#### WORK INSTRUCTION
Once you reach the line that holds "213.6c3.402 0 6" in the listing below, output it and every line after it through the line that holds "301.7c7.099 1.603 6.399", word for word.

#### RECORDS SUPPLIED
[Start of section]
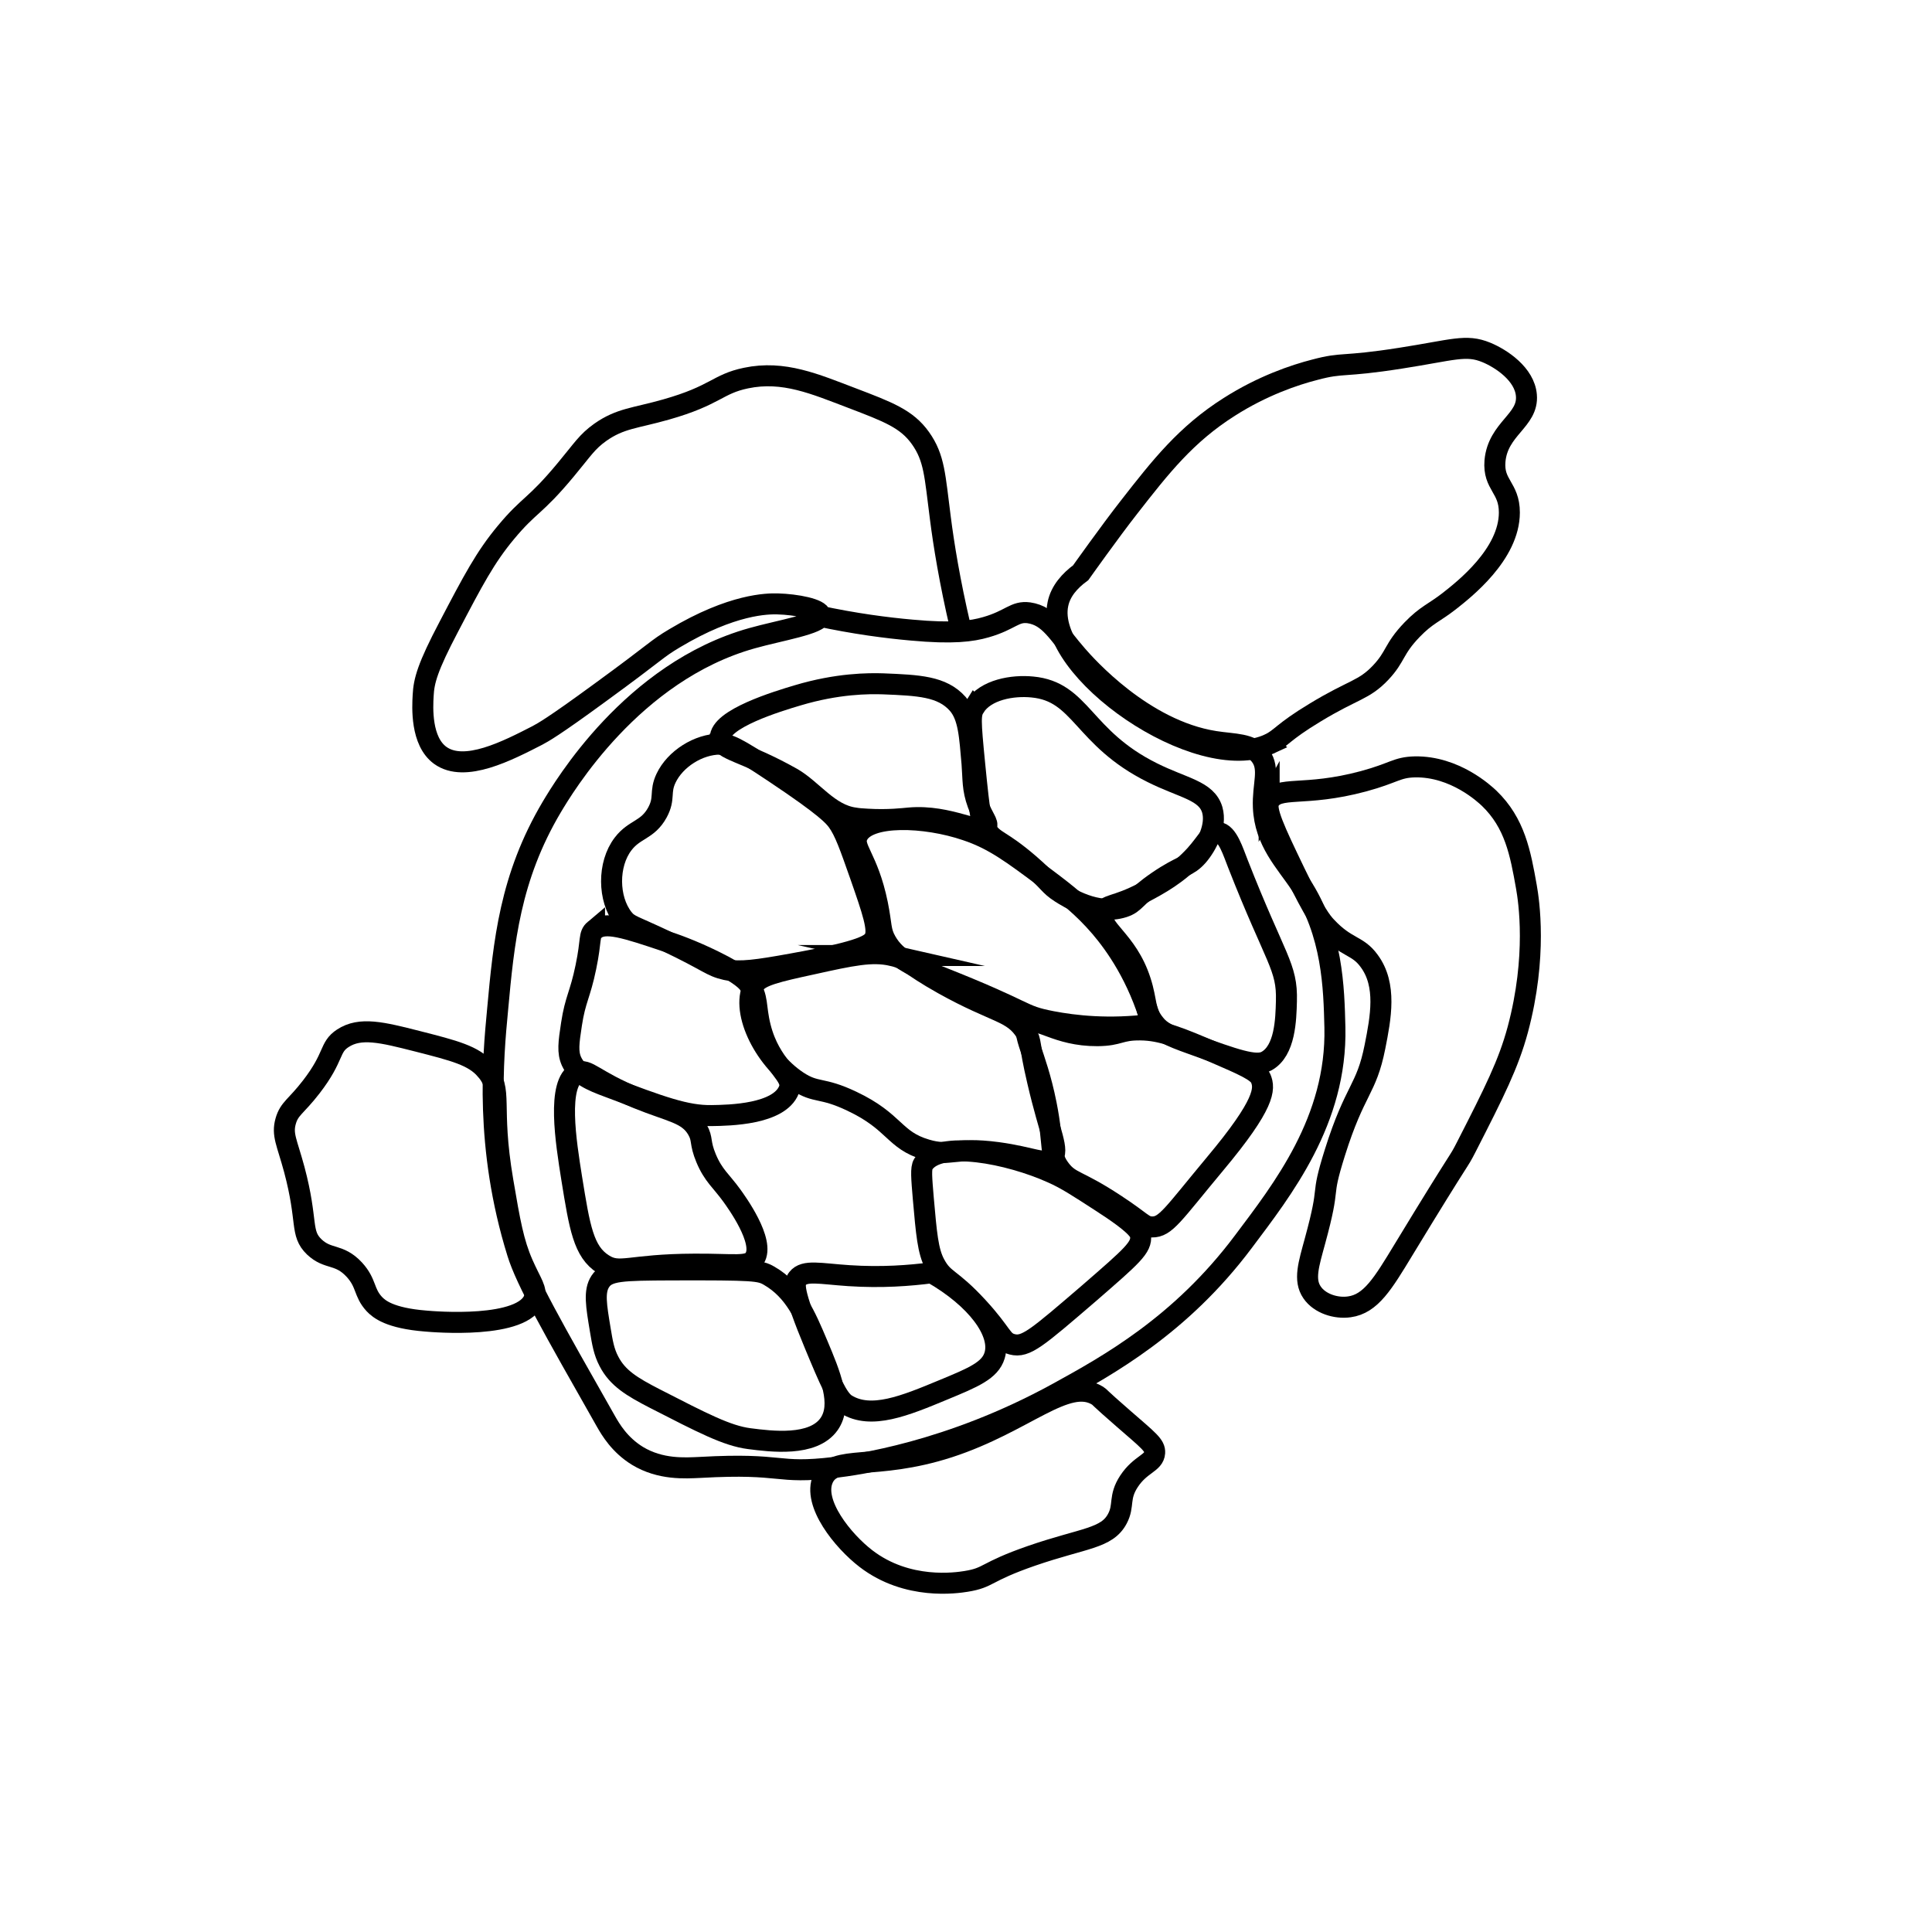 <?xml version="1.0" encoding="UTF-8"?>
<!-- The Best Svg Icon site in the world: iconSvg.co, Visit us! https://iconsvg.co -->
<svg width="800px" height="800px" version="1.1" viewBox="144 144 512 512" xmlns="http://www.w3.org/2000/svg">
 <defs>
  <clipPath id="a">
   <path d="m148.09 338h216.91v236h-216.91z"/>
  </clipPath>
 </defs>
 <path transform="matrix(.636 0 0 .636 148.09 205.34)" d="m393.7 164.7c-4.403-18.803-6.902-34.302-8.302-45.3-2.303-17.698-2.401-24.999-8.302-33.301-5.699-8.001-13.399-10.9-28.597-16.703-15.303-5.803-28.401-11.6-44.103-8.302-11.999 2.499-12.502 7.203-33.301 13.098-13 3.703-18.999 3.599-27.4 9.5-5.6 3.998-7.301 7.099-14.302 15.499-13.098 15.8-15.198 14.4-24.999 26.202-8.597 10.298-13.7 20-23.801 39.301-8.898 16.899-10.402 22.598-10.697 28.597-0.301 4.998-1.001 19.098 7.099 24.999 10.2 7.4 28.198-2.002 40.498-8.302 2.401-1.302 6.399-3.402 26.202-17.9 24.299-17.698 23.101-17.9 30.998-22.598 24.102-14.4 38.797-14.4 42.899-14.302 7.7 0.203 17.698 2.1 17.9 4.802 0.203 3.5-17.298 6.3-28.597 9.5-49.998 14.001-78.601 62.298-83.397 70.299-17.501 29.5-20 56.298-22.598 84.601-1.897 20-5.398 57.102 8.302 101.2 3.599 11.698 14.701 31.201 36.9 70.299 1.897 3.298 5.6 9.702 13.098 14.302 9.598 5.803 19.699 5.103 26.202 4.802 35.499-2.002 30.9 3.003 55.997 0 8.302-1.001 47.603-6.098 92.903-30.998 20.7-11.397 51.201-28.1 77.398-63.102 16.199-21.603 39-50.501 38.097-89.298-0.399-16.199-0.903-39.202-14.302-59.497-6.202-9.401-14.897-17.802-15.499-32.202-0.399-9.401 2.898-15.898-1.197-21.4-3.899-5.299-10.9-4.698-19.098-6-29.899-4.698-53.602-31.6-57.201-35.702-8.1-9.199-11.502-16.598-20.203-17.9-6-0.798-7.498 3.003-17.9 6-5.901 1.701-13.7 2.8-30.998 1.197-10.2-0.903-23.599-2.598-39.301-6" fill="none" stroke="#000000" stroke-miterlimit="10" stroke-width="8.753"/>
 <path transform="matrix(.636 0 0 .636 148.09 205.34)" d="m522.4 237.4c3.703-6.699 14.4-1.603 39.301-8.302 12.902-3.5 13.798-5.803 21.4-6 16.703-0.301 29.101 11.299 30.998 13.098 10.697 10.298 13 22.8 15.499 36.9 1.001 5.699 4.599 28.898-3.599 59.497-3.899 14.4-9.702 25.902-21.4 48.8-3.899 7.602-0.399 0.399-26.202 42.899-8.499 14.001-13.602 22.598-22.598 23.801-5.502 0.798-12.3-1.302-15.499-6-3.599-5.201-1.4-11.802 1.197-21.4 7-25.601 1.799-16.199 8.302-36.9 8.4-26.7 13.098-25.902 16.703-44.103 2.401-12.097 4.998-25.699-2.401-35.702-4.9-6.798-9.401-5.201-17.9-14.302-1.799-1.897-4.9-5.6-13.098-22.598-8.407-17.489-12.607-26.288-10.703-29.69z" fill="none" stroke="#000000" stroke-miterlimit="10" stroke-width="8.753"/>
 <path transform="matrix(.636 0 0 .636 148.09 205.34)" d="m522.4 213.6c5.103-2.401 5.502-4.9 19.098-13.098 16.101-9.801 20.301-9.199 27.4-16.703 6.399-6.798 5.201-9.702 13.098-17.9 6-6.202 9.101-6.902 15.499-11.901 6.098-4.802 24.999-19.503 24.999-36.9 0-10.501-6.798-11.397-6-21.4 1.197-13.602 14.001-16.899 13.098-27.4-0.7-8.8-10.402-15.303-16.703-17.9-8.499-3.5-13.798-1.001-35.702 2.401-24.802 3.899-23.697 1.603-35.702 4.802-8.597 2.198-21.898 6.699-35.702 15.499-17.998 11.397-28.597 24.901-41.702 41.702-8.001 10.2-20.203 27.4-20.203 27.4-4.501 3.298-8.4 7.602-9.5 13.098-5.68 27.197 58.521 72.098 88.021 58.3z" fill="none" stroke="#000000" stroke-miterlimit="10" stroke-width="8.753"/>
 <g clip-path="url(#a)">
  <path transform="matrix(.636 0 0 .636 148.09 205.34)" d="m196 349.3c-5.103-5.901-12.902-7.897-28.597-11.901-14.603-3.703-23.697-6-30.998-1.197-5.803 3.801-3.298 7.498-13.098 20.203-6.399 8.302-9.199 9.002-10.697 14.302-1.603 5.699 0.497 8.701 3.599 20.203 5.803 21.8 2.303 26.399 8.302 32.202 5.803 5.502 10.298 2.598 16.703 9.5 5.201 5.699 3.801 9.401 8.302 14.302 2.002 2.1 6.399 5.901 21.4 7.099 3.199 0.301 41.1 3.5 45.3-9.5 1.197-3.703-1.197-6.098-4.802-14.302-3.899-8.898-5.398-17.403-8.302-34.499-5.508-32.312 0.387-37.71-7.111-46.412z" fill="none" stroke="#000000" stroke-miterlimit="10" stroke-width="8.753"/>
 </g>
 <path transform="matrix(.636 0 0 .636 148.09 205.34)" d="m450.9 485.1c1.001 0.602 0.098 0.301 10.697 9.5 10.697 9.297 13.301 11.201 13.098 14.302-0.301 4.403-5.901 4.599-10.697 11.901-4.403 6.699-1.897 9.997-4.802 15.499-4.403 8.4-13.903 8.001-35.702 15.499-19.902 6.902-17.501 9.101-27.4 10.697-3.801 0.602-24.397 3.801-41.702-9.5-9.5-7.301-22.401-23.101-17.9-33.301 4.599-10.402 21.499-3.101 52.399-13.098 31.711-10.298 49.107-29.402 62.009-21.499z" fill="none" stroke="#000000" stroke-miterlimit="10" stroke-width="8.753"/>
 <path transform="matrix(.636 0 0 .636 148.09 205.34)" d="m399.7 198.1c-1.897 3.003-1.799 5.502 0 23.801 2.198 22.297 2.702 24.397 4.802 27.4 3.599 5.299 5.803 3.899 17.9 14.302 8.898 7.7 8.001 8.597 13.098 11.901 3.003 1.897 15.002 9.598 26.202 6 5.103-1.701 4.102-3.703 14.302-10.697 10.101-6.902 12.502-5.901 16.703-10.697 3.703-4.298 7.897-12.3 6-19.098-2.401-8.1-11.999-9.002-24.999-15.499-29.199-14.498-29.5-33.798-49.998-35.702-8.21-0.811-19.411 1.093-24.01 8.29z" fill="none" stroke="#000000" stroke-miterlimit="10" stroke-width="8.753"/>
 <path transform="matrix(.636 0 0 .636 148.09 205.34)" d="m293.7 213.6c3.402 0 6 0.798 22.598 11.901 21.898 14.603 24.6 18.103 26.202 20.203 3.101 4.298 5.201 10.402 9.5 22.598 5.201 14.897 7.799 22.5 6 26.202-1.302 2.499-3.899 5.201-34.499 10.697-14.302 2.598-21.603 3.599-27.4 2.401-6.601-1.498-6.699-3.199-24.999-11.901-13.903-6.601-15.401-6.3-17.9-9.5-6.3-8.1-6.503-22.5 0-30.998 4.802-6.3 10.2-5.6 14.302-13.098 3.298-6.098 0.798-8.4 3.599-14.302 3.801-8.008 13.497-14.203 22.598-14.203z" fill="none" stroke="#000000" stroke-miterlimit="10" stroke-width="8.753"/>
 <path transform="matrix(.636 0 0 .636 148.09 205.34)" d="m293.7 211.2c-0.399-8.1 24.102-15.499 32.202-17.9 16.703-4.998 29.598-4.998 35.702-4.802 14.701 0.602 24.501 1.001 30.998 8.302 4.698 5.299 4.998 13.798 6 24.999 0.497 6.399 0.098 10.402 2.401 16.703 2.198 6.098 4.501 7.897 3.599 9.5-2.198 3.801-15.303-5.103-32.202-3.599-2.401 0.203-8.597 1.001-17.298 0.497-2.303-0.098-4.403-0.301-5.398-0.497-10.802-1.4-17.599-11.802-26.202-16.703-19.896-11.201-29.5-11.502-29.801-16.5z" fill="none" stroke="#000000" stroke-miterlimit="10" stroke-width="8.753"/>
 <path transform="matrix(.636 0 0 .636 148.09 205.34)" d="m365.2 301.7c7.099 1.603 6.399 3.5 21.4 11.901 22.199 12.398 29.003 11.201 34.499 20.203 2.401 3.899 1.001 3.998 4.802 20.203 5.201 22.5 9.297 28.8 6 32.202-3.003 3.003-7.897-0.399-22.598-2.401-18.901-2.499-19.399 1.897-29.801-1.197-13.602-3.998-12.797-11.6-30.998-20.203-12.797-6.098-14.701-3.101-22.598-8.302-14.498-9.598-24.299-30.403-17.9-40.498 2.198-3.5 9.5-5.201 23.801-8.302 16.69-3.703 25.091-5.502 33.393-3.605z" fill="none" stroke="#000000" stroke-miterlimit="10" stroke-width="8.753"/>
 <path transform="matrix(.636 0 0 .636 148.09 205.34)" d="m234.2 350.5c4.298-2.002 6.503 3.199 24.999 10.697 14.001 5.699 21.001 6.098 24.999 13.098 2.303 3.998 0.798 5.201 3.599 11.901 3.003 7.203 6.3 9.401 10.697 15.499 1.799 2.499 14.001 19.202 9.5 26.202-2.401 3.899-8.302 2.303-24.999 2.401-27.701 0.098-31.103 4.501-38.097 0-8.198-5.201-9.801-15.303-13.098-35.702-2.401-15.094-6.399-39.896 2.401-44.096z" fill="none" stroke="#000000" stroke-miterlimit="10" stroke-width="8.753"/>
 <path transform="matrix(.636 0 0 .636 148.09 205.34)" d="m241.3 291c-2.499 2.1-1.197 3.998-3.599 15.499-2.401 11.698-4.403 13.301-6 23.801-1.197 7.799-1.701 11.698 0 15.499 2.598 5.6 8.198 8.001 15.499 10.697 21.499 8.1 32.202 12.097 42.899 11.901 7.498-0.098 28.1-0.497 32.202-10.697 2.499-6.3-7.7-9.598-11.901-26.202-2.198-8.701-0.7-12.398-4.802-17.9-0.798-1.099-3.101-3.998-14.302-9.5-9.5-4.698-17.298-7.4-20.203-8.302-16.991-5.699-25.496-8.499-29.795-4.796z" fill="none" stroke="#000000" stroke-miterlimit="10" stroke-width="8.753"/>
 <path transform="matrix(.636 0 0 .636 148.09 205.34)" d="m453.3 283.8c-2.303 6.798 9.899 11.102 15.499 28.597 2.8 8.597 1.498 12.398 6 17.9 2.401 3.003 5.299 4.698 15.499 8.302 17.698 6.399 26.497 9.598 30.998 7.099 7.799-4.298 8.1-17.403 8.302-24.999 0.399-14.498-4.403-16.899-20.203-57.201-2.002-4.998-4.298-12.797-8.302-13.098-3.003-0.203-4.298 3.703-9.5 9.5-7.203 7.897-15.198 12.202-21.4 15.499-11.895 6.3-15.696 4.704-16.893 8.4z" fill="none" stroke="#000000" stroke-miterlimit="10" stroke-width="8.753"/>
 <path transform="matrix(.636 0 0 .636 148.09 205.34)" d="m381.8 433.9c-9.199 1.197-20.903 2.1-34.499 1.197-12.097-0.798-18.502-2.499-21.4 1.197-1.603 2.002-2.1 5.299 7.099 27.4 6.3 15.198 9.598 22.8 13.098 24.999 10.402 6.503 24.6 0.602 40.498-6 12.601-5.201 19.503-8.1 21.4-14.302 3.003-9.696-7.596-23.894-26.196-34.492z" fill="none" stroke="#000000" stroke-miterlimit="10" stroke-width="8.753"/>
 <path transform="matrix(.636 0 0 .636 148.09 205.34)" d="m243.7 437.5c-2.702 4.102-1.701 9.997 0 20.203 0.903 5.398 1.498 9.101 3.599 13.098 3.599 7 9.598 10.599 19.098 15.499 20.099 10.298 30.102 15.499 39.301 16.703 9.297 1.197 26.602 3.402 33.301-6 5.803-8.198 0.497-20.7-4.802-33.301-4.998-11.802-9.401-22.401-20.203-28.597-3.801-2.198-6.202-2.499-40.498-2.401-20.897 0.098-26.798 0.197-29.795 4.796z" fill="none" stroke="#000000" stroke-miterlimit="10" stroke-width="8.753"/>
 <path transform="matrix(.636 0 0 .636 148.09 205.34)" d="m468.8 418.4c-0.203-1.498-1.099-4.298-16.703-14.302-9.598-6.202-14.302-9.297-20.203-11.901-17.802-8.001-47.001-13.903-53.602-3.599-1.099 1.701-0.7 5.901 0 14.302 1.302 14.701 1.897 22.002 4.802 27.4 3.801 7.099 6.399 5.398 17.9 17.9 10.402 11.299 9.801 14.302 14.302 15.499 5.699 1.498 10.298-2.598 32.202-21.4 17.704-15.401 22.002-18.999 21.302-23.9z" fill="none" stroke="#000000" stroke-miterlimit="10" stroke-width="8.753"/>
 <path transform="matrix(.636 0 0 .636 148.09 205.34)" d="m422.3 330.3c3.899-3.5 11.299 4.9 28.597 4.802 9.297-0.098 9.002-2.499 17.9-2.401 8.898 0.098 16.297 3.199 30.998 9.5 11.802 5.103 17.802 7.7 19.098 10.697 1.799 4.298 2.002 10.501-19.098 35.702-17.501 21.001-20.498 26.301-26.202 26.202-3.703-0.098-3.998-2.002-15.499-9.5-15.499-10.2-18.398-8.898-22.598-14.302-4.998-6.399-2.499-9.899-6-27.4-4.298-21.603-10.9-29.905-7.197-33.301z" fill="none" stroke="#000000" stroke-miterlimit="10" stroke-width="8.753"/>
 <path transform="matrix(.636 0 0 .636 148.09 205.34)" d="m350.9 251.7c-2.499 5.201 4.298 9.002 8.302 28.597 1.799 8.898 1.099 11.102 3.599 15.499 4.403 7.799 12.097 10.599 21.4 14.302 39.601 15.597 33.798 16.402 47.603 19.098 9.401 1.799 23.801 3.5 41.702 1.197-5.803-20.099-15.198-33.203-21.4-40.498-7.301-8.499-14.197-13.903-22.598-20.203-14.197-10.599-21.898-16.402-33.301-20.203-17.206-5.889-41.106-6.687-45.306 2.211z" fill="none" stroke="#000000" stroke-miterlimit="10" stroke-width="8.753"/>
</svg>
[End of section]
#### REPLY TO THE EXERCISE
 <path transform="matrix(.636 0 0 .636 148.09 205.34)" d="m293.7 213.6c3.402 0 6 0.798 22.598 11.901 21.898 14.603 24.6 18.103 26.202 20.203 3.101 4.298 5.201 10.402 9.5 22.598 5.201 14.897 7.799 22.5 6 26.202-1.302 2.499-3.899 5.201-34.499 10.697-14.302 2.598-21.603 3.599-27.4 2.401-6.601-1.498-6.699-3.199-24.999-11.901-13.903-6.601-15.401-6.3-17.9-9.5-6.3-8.1-6.503-22.5 0-30.998 4.802-6.3 10.2-5.6 14.302-13.098 3.298-6.098 0.798-8.4 3.599-14.302 3.801-8.008 13.497-14.203 22.598-14.203z" fill="none" stroke="#000000" stroke-miterlimit="10" stroke-width="8.753"/>
 <path transform="matrix(.636 0 0 .636 148.09 205.34)" d="m293.7 211.2c-0.399-8.1 24.102-15.499 32.202-17.9 16.703-4.998 29.598-4.998 35.702-4.802 14.701 0.602 24.501 1.001 30.998 8.302 4.698 5.299 4.998 13.798 6 24.999 0.497 6.399 0.098 10.402 2.401 16.703 2.198 6.098 4.501 7.897 3.599 9.5-2.198 3.801-15.303-5.103-32.202-3.599-2.401 0.203-8.597 1.001-17.298 0.497-2.303-0.098-4.403-0.301-5.398-0.497-10.802-1.4-17.599-11.802-26.202-16.703-19.896-11.201-29.5-11.502-29.801-16.5z" fill="none" stroke="#000000" stroke-miterlimit="10" stroke-width="8.753"/>
 <path transform="matrix(.636 0 0 .636 148.09 205.34)" d="m365.2 301.7c7.099 1.603 6.399 3.5 21.4 11.901 22.199 12.398 29.003 11.201 34.499 20.203 2.401 3.899 1.001 3.998 4.802 20.203 5.201 22.5 9.297 28.8 6 32.202-3.003 3.003-7.897-0.399-22.598-2.401-18.901-2.499-19.399 1.897-29.801-1.197-13.602-3.998-12.797-11.6-30.998-20.203-12.797-6.098-14.701-3.101-22.598-8.302-14.498-9.598-24.299-30.403-17.9-40.498 2.198-3.5 9.5-5.201 23.801-8.302 16.69-3.703 25.091-5.502 33.393-3.605z" fill="none" stroke="#000000" stroke-miterlimit="10" stroke-width="8.753"/>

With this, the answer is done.